Exercise brief
Copy every line of the material below word for word.

Given entries
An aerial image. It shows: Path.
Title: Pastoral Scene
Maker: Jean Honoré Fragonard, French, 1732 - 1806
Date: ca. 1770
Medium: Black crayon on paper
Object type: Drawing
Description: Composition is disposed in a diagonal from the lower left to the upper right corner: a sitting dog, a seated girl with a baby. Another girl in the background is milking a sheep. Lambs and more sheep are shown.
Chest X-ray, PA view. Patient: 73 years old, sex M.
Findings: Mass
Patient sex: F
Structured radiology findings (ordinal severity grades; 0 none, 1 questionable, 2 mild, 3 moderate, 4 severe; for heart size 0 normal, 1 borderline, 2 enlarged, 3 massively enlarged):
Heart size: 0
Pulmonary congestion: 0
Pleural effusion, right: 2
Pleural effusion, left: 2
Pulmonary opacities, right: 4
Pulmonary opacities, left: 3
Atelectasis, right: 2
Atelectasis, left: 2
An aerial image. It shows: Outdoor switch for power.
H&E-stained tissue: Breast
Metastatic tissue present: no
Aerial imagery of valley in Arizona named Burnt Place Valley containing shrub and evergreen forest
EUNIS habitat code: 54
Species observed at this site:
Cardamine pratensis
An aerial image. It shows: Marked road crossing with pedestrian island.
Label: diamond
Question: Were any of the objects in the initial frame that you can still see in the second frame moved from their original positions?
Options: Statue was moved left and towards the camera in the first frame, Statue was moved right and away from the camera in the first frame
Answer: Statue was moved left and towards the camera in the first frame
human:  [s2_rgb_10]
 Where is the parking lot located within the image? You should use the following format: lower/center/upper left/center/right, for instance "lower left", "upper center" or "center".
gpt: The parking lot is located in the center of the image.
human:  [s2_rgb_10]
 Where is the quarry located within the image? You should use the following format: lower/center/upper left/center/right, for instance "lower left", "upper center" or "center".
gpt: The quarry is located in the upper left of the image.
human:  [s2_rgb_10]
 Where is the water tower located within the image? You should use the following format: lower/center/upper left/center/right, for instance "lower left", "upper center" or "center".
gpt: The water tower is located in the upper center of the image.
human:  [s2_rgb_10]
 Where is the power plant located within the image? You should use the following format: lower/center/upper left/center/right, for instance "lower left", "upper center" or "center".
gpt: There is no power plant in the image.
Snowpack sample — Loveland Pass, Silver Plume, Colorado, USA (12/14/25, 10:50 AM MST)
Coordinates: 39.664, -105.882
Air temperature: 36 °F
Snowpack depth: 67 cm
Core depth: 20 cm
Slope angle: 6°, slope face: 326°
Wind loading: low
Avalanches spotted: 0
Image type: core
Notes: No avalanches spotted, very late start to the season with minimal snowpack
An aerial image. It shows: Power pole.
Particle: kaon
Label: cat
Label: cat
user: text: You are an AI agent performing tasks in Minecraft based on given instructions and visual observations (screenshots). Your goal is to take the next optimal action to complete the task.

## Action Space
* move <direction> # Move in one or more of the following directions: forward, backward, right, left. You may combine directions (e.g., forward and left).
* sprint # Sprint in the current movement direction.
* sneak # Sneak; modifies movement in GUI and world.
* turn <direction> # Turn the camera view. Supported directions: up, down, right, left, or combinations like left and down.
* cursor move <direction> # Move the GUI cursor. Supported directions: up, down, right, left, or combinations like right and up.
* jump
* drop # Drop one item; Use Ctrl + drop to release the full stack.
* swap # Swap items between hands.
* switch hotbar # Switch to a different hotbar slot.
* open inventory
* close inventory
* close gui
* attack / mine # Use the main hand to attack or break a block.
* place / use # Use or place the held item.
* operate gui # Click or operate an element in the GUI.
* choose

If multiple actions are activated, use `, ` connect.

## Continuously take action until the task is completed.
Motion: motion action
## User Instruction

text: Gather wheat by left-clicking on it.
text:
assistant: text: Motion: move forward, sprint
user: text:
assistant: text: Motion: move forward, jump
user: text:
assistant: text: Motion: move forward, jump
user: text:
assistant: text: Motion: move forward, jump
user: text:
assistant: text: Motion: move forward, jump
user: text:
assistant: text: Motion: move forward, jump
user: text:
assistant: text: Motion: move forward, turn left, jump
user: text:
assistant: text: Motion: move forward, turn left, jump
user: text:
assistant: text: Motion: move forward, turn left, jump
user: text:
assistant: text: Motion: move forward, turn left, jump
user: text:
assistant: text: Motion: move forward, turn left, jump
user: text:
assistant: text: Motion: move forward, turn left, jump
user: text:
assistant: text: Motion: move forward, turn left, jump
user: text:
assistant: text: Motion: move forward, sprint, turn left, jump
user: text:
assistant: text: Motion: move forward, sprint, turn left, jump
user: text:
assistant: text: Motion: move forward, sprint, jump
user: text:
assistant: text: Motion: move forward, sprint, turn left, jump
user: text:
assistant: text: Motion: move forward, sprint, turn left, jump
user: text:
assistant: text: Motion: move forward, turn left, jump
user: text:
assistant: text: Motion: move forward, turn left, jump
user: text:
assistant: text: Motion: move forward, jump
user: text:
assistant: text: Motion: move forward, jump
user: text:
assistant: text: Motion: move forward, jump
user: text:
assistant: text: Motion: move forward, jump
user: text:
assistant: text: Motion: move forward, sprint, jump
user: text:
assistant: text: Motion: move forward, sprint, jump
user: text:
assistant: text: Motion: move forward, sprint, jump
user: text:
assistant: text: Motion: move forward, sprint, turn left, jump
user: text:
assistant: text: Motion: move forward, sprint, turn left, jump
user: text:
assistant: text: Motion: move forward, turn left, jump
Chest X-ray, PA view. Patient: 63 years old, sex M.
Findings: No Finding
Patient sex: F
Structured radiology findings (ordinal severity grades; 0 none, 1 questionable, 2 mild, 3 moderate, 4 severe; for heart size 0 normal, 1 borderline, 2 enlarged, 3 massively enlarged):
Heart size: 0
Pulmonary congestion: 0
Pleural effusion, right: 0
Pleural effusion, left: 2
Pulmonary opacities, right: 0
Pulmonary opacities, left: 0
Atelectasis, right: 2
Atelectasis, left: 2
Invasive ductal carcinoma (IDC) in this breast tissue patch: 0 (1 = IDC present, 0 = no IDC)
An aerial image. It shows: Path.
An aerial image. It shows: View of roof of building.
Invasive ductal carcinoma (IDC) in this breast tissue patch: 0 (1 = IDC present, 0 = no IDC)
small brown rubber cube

Answer area
An aerial image. It shows: Path.
Title: Pastoral Scene
Maker: Jean Honoré Fragonard, French, 1732 - 1806
Date: ca. 1770
Medium: Black crayon on paper
Object type: Drawing
Description: Composition is disposed in a diagonal from the lower left to the upper right corner: a sitting dog, a seated girl with a baby. Another girl in the background is milking a sheep. Lambs and more sheep are shown.
Chest X-ray, PA view. Patient: 73 years old, sex M.
Findings: Mass
Patient sex: F
Structured radiology findings (ordinal severity grades; 0 none, 1 questionable, 2 mild, 3 moderate, 4 severe; for heart size 0 normal, 1 borderline, 2 enlarged, 3 massively enlarged):
Heart size: 0
Pulmonary congestion: 0
Pleural effusion, right: 2
Pleural effusion, left: 2
Pulmonary opacities, right: 4
Pulmonary opacities, left: 3
Atelectasis, right: 2
Atelectasis, left: 2
An aerial image. It shows: Outdoor switch for power.
H&E-stained tissue: Breast
Metastatic tissue present: no
Aerial imagery of valley in Arizona named Burnt Place Valley containing shrub and evergreen forest
EUNIS habitat code: 54
Species observed at this site:
Cardamine pratensis
An aerial image. It shows: Marked road crossing with pedestrian island.
Label: diamond
Question: Were any of the objects in the initial frame that you can still see in the second frame moved from their original positions?
Options: Statue was moved left and towards the camera in the first frame, Statue was moved right and away from the camera in the first frame
Answer: Statue was moved left and towards the camera in the first frame
human:  [s2_rgb_10]
 Where is the parking lot located within the image? You should use the following format: lower/center/upper left/center/right, for instance "lower left", "upper center" or "center".
gpt: The parking lot is located in the center of the image.
human:  [s2_rgb_10]
 Where is the quarry located within the image? You should use the following format: lower/center/upper left/center/right, for instance "lower left", "upper center" or "center".
gpt: The quarry is located in the upper left of the image.
human:  [s2_rgb_10]
 Where is the water tower located within the image? You should use the following format: lower/center/upper left/center/right, for instance "lower left", "upper center" or "center".
gpt: The water tower is located in the upper center of the image.
human:  [s2_rgb_10]
 Where is the power plant located within the image? You should use the following format: lower/center/upper left/center/right, for instance "lower left", "upper center" or "center".
gpt: There is no power plant in the image.
Snowpack sample — Loveland Pass, Silver Plume, Colorado, USA (12/14/25, 10:50 AM MST)
Coordinates: 39.664, -105.882
Air temperature: 36 °F
Snowpack depth: 67 cm
Core depth: 20 cm
Slope angle: 6°, slope face: 326°
Wind loading: low
Avalanches spotted: 0
Image type: core
Notes: No avalanches spotted, very late start to the season with minimal snowpack
An aerial image. It shows: Power pole.
Particle: kaon
Label: cat
Label: cat
user: text: You are an AI agent performing tasks in Minecraft based on given instructions and visual observations (screenshots). Your goal is to take the next optimal action to complete the task.

## Action Space
* move <direction> # Move in one or more of the following directions: forward, backward, right, left. You may combine directions (e.g., forward and left).
* sprint # Sprint in the current movement direction.
* sneak # Sneak; modifies movement in GUI and world.
* turn <direction> # Turn the camera view. Supported directions: up, down, right, left, or combinations like left and down.
* cursor move <direction> # Move the GUI cursor. Supported directions: up, down, right, left, or combinations like right and up.
* jump
* drop # Drop one item; Use Ctrl + drop to release the full stack.
* swap # Swap items between hands.
* switch hotbar # Switch to a different hotbar slot.
* open inventory
* close inventory
* close gui
* attack / mine # Use the main hand to attack or break a block.
* place / use # Use or place the held item.
* operate gui # Click or operate an element in the GUI.
* choose

If multiple actions are activated, use `, ` connect.

## Continuously take action until the task is completed.
Motion: motion action
## User Instruction

text: Gather wheat by left-clicking on it.
text:
assistant: text: Motion: move forward, sprint
user: text:
assistant: text: Motion: move forward, jump
user: text:
assistant: text: Motion: move forward, jump
user: text:
assistant: text: Motion: move forward, jump
user: text:
assistant: text: Motion: move forward, jump
user: text:
assistant: text: Motion: move forward, jump
user: text:
assistant: text: Motion: move forward, turn left, jump
user: text:
assistant: text: Motion: move forward, turn left, jump
user: text:
assistant: text: Motion: move forward, turn left, jump
user: text:
assistant: text: Motion: move forward, turn left, jump
user: text:
assistant: text: Motion: move forward, turn left, jump
user: text:
assistant: text: Motion: move forward, turn left, jump
user: text:
assistant: text: Motion: move forward, turn left, jump
user: text:
assistant: text: Motion: move forward, sprint, turn left, jump
user: text:
assistant: text: Motion: move forward, sprint, turn left, jump
user: text:
assistant: text: Motion: move forward, sprint, jump
user: text:
assistant: text: Motion: move forward, sprint, turn left, jump
user: text:
assistant: text: Motion: move forward, sprint, turn left, jump
user: text:
assistant: text: Motion: move forward, turn left, jump
user: text:
assistant: text: Motion: move forward, turn left, jump
user: text:
assistant: text: Motion: move forward, jump
user: text:
assistant: text: Motion: move forward, jump
user: text:
assistant: text: Motion: move forward, jump
user: text:
assistant: text: Motion: move forward, jump
user: text:
assistant: text: Motion: move forward, sprint, jump
user: text:
assistant: text: Motion: move forward, sprint, jump
user: text:
assistant: text: Motion: move forward, sprint, jump
user: text:
assistant: text: Motion: move forward, sprint, turn left, jump
user: text:
assistant: text: Motion: move forward, sprint, turn left, jump
user: text:
assistant: text: Motion: move forward, turn left, jump
Chest X-ray, PA view. Patient: 63 years old, sex M.
Findings: No Finding
Patient sex: F
Structured radiology findings (ordinal severity grades; 0 none, 1 questionable, 2 mild, 3 moderate, 4 severe; for heart size 0 normal, 1 borderline, 2 enlarged, 3 massively enlarged):
Heart size: 0
Pulmonary congestion: 0
Pleural effusion, right: 0
Pleural effusion, left: 2
Pulmonary opacities, right: 0
Pulmonary opacities, left: 0
Atelectasis, right: 2
Atelectasis, left: 2
Invasive ductal carcinoma (IDC) in this breast tissue patch: 0 (1 = IDC present, 0 = no IDC)
An aerial image. It shows: Path.
An aerial image. It shows: View of roof of building.
Invasive ductal carcinoma (IDC) in this breast tissue patch: 0 (1 = IDC present, 0 = no IDC)
small brown rubber cube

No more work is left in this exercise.